= Liquid-to-gas ratio =

An important parameter in wet scrubbing systems is the rate of liquid flow. It is common in wet scrubber terminology to express the liquid flow as a function of the gas flow rate that is being treated. This is commonly called the liquid-to-gas ratio (L/G ratio) and uses the units of gallons per 1,000 actual cubic feet or litres per cubic metre (L/m^{3}).

Expressing the amount of liquid used as a ratio enables systems of different sizes to be readily compared.
For particulate removal, the liquid-to-gas ratio is a function of the mechanical design of the system; while for gas absorption this ratio gives an indication of the difficulty of removing a pollutant. Most wet scrubbers used for particulate control operate with liquid-to-gas ratios in the range of 4 to 20 gallons per 1,000 actual cubic foot (0.5 to 3 litres per actual cubic metre).

Depending on scrubber design, a minimum volume of liquid is required to "wet" the scrubber internals and create sufficient collection targets. After a certain optimum point, adding excess liquid to a particulate wet scrubber does not increase efficiency and in fact, could be counter-productive by causing excessive pressure loss. Liquid-to-gas ratios for gas absorption are often higher, in the range of 20 to 40 gallons per 1,000 actual cubic foot (3 to 6 litres per actual cubic metre).

L/G ratio illustrates a number of points about the choice of wet scrubbers used for gas absorption. For example, because flue-gas desulfurization systems must deal with heavy particulate loadings, open, simple designs (such as venturi, spray chamber and moving bed) are used.
Also, the liquid-to-gas ratio for the absorption process is higher than for particle removal and gas velocities are kept low to enhance the absorption process.

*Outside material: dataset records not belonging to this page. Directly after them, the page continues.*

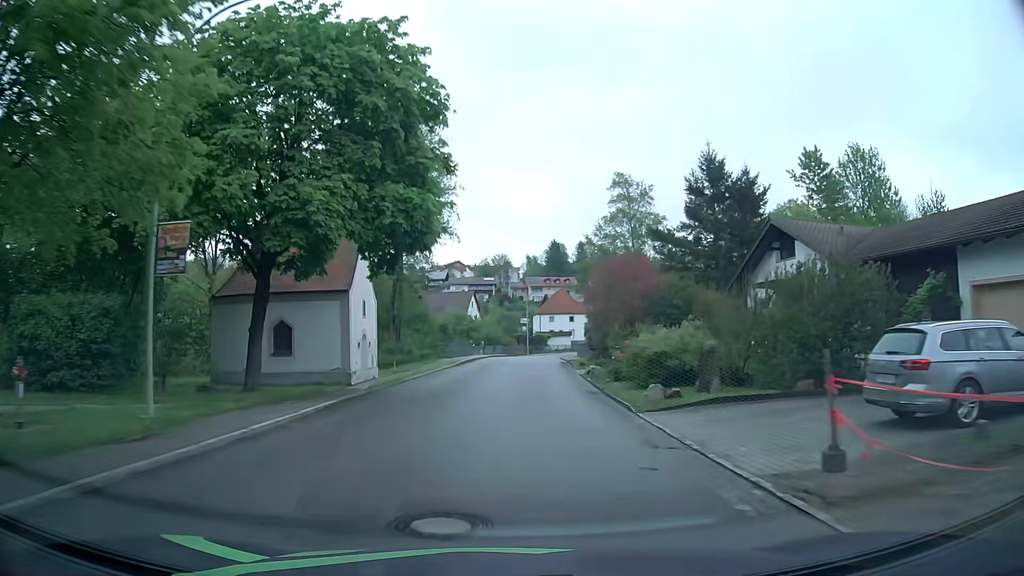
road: tertiary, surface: asphalt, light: Day
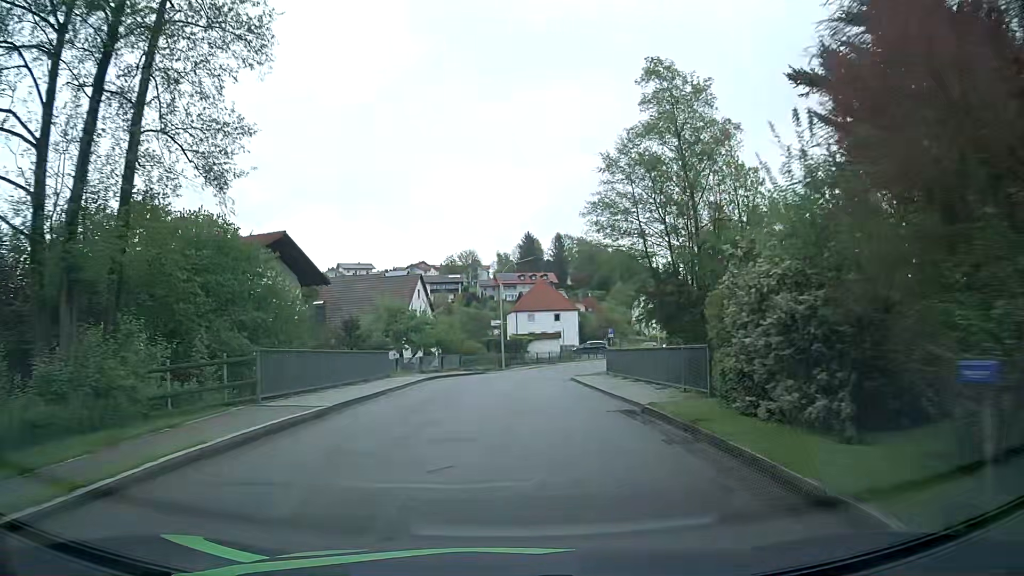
(+0.5, +30.5) m; +2°
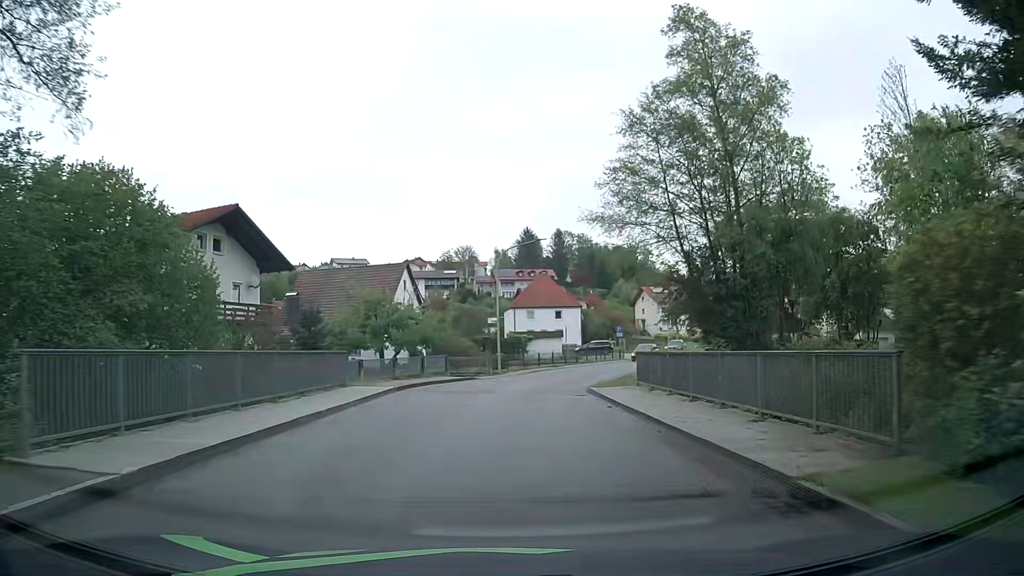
(0.0, +7.4) m; +1°
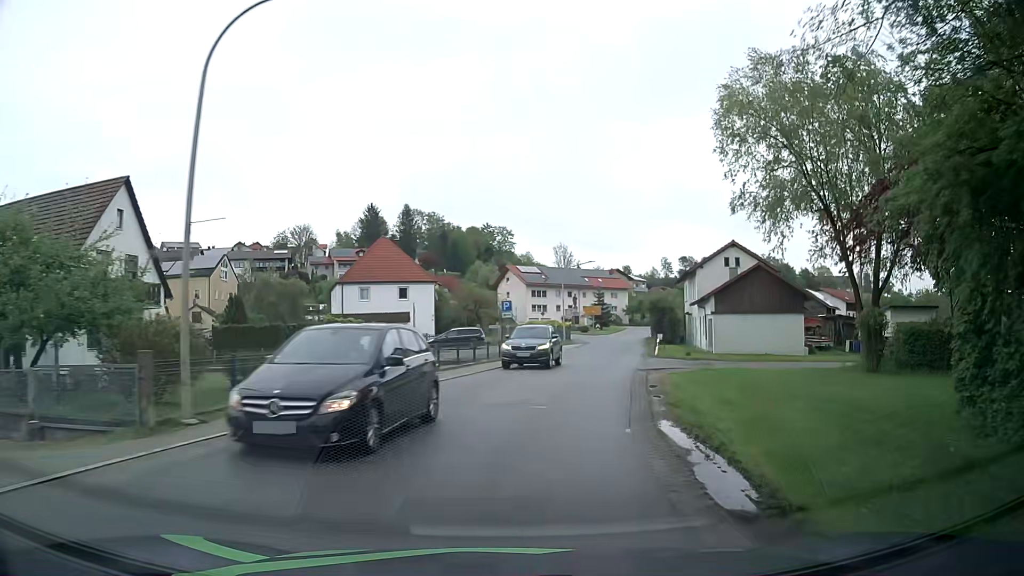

Solubility is a very important factor affecting the amount of a pollutant that can be absorbed. Solubility governs the amount of liquid required (liquid-to-gas ratio) and the necessary contact time. More soluble gases require less liquid. Also, more soluble gases will be absorbed faster.

==Bibliography==
- Bethea, R. M. 1978. Air Pollution Control Technology. New York: Van Nostrand Reinhold.
- National Asphalt Pavement Association. 1978. The Maintenance and Operation of Exhaust Systems in the Hot Mix Batch Plant. 2nd ed. Information Series 52.
- Perry, J. H. (Ed.). 1973. Chemical Engineers’ Handbook. 5th ed. New York: McGraw-Hill.
- Richards, J. R. 1995. Control of Particulate Emissions (APTI Course 413). U.S. Environmental Protection Agency.
- Richards, J. R. 1995. Control of Gaseous Emissions. (APTI Course 415). U.S. Environmental Protection Agency.
- Schifftner, K. C. 1979, April. Venturi scrubber operation and maintenance. Paper presented at the U.S. EPA Environmental Research Information Center. Atlanta, GA.
- Semrau, K. T. 1977. Practical process design of particulate scrubbers. Chemical Engineering. 84:87-91.
- U.S. Environmental Protection Agency. 1982, September. Control Techniques for Particulate Emissions from Stationary Sources. Vol. 1. EPA 450/3-81-005a.
- Wechselblatt, P. M. 1975. Wet scrubbers (particulates). In F. L. Cross and H. E. Hesketh (Eds.), Handbook for the Operation and Maintenance of Air Pollution Control Equipment. Westport: Technomic Publishing.